I intend to release a new version of the x86-64 encoder/decoder very soon, so I'll start after that.

Feyko commented 1 year ago

Hey @thelamer! I'm a friend of Floof that introduced him to QOI and followed his hardqoi developments since At one point I wondered if a QOI GPU endec was possible but abandoned the idea after learning about the relative high latency for GPU API initialisation. This however wouldn't be a problem if the API context is reused when used for something like remote desktop streams. There are (many) other challenges with QOI on GPU but it seems like something worth looking into I'll admit I got nerd-sniped and may try to revive the idea, though I am confused why you'd use an image format like QOI instead of a video format which grants higher compression Could you explain why you made that choice? I'm available on Discord (Feyko#7953) if you want a more interactive chat

Feyko commented 1 year ago

Welp, quick update on this. Did some more investigating and I think QOI on GPU really is a dead-end :P

thelamer commented 1 year ago

@AstroFloof so I have been pumping decode code through different AI language models and some of them seem to think the hashing is not needed and it can be more efficiently performed with an array.
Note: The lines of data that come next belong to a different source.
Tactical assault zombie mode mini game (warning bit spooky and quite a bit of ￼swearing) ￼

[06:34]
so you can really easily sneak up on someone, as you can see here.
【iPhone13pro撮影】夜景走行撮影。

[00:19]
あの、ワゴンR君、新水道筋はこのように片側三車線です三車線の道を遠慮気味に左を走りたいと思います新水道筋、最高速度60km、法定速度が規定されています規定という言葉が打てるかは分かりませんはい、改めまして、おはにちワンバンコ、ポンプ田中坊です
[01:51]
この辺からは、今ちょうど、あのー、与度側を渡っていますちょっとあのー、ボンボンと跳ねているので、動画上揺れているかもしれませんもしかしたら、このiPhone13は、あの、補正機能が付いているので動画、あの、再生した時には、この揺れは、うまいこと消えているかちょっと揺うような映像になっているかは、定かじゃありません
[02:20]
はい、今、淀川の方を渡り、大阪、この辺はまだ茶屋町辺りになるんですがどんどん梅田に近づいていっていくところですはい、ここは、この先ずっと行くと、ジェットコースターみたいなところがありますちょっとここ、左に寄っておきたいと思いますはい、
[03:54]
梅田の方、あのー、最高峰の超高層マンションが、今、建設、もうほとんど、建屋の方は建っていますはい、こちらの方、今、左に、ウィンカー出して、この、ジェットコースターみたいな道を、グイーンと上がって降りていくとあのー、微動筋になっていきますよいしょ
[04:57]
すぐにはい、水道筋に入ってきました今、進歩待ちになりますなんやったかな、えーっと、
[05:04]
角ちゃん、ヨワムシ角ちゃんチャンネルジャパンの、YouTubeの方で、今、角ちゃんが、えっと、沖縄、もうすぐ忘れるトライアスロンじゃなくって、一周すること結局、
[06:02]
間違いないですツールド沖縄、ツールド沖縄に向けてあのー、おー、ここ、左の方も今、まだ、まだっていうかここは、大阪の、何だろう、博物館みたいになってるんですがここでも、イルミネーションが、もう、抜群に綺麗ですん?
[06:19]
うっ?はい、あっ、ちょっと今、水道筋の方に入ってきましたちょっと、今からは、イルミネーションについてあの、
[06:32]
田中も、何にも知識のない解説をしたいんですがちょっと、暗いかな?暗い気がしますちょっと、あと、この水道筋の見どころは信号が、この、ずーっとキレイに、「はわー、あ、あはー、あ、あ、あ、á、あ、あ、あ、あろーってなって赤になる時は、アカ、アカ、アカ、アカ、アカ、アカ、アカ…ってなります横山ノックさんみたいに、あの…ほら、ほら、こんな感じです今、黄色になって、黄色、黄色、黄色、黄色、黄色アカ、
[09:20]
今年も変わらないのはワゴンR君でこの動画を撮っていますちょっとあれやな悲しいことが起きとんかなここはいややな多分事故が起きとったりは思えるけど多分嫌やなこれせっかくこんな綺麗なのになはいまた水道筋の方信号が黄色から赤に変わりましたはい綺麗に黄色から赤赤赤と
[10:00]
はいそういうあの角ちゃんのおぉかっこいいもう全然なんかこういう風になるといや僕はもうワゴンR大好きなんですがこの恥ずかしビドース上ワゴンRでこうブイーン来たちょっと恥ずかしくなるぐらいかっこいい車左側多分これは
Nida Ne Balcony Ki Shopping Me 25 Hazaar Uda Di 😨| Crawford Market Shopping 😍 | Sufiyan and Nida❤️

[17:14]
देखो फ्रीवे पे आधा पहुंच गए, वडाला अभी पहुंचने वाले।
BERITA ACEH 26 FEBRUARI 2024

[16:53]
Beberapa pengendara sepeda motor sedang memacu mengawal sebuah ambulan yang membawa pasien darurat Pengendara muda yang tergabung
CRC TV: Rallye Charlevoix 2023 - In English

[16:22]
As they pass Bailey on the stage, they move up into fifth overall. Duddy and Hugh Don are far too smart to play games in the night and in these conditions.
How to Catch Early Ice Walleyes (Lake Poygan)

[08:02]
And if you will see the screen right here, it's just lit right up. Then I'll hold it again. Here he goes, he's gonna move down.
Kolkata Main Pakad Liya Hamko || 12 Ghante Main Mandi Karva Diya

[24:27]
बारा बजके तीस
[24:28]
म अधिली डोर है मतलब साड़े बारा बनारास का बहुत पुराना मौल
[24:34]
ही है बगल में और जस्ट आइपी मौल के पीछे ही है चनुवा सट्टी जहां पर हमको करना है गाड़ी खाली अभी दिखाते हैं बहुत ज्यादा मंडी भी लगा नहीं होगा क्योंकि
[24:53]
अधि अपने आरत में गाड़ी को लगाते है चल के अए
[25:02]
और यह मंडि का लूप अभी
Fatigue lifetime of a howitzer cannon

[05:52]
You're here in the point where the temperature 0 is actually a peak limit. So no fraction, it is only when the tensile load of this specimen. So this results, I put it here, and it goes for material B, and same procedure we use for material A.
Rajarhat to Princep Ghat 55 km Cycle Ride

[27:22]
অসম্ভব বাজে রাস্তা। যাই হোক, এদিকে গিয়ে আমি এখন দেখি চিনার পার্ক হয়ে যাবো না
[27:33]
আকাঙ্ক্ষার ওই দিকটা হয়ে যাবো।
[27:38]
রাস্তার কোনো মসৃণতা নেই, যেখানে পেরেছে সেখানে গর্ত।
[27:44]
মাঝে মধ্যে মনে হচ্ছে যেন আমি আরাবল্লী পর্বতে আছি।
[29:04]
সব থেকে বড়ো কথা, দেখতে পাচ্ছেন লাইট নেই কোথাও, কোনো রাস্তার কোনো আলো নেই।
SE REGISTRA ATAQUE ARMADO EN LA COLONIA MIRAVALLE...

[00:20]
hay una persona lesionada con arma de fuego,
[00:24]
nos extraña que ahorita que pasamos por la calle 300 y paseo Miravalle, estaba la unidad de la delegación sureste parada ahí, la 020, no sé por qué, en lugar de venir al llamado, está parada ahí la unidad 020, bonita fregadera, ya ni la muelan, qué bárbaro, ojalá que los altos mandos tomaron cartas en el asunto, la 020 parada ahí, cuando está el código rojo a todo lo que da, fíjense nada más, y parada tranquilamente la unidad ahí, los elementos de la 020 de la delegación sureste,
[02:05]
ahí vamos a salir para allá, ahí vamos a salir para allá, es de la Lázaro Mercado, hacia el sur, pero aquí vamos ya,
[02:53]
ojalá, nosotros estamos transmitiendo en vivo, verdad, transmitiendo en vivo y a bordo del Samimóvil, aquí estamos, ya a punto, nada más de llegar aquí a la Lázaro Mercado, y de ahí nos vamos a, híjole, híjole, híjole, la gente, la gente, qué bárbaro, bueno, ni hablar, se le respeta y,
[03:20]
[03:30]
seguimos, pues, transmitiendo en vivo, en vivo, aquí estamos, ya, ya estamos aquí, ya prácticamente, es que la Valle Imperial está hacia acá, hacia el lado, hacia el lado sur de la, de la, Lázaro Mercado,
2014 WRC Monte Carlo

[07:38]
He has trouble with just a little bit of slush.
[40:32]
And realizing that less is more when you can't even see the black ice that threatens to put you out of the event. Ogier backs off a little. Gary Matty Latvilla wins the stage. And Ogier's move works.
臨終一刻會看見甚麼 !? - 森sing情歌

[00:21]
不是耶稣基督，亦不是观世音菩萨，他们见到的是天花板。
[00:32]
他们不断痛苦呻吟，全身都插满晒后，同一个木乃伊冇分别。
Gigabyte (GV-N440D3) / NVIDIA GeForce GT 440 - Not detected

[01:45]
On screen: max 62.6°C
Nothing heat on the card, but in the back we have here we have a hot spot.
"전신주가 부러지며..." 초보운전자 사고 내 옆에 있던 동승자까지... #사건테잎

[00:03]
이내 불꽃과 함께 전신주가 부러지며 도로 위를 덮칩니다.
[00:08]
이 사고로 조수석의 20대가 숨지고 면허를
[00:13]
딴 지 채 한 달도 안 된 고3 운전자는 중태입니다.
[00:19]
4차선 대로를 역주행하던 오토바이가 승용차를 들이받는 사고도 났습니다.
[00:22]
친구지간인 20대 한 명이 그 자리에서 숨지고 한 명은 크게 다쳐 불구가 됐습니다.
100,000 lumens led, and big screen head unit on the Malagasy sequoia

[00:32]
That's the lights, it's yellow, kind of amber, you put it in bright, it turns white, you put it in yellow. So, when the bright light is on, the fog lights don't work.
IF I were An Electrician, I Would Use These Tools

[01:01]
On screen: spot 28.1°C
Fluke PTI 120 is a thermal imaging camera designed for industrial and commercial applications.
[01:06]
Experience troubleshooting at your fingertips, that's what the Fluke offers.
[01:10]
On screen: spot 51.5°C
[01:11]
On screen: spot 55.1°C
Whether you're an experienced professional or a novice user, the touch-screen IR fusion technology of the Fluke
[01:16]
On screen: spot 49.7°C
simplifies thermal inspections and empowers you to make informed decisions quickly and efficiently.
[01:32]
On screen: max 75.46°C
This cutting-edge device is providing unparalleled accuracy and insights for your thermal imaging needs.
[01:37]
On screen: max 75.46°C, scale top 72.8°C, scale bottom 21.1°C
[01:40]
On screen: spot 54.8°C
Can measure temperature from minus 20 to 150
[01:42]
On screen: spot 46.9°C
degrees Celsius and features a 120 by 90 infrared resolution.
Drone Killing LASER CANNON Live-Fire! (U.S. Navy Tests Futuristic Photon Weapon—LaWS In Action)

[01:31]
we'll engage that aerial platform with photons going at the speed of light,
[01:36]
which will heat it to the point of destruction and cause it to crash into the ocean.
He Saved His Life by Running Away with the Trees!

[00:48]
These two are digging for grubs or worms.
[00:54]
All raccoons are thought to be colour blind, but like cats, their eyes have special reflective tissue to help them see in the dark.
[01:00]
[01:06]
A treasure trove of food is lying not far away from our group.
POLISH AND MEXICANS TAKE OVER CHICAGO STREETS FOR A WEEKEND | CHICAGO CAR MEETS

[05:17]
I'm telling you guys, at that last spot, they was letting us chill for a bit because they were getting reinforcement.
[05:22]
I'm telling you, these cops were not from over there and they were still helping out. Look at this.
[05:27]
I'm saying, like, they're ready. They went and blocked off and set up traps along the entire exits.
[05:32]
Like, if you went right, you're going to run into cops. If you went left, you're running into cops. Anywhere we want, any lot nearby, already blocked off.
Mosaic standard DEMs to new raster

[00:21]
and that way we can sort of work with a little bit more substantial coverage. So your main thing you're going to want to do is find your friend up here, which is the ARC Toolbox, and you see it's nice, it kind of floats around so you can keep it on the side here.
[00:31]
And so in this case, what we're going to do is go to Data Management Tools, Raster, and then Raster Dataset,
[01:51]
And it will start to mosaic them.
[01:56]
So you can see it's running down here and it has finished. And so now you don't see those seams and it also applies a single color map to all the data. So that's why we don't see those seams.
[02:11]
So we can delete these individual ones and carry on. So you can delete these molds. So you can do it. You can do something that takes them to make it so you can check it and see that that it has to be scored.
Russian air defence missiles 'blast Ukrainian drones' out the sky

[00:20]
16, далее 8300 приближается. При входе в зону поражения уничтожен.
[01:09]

This is all greek to me but does this make any sense to you?

use std::io::Read;

fn decode_qoi(reader: impl Read) -> Result<Vec<u8>, std::io::Error> {
    let mut buf = vec![0; 16];
    reader.read_exact(&mut buf)?;

    let magic = u32::from_be_bytes(buf[0..4].to_vec());
    let width = u32::from_be_bytes(buf[4..8].to_vec());
    let height = u32::from_be_bytes(buf[8..12].to_vec());
    let channels = buf[12] as u8;
    let colorspace = buf[13] as u8;

    if magic != 0x716f6966 {
        return Err(std::io::Error::new(std::io::ErrorKind::InvalidData, "Invalid QOI magic"));
    }

    if width == 0 || height == 0 || channels < 3 || channels > 4 || colorspace > 1 {
        return Err(std::io::Error::new(std::io::ErrorKind::InvalidData, "Invalid QOI header"));
    }

    let mut pixels = vec![0; width * height * channels];

    let mut run = 0;
    let mut prev_color = [0; 4];
    for i in 0..width * height {
        if run > 0 {
            run -= 1;
            continue;
        }

        let op = reader.read_u8()?;
        match op {
            0xfe => {
                prev_color[0] = reader.read_u8()?;
                prev_color[1] = reader.read_u8()?;
                prev_color[2] = reader.read_u8()?;
            }
            0xff => {
                prev_color[0] = reader.read_u8()?;
                prev_color[1] = reader.read_u8()?;
                prev_color[2] = reader.read_u8()?;
                prev_color[3] = reader.read_u8()?;
            }
            0x00..=0x3f => {
                let index = op as usize;
                for j in 0..channels {
                    pixels[i * channels + j] = prev_color[j] + index;
                }
            }
            0x40..=0x7f => {
                let index = (op & 0x3f) as usize;
                for j in 0..channels {
                    pixels[i * channels + j] = prev_color[j] + ((op >> 4) & 0x03) - 2;
                }
            }
            0x80..=0xbf => {
                let value = (op & 0x3f) - 32;
                for j in 0..channels {
                    pixels[i * channels + j] = value;
                }
            }
            0xc0..=0xff => {
                let runs = op & 0x3f;
                run = runs;
            }
            _ => {
                return Err(std::io::Error::new(std::io::ErrorKind::InvalidData, "Invalid QOI op"));
            }
        }
    }

    Ok(pixels)
}

Borketh commented 1 year ago

This doesn't make any sort of sense. LLMs just predict the next token and have no idea what they're doing.

thelamer commented 1 year ago

This doesn't make any sort of sense. LLMs just predict the next token and have no idea what they're doing.

Thanks for taking a look, I figured as much I could not get this to run.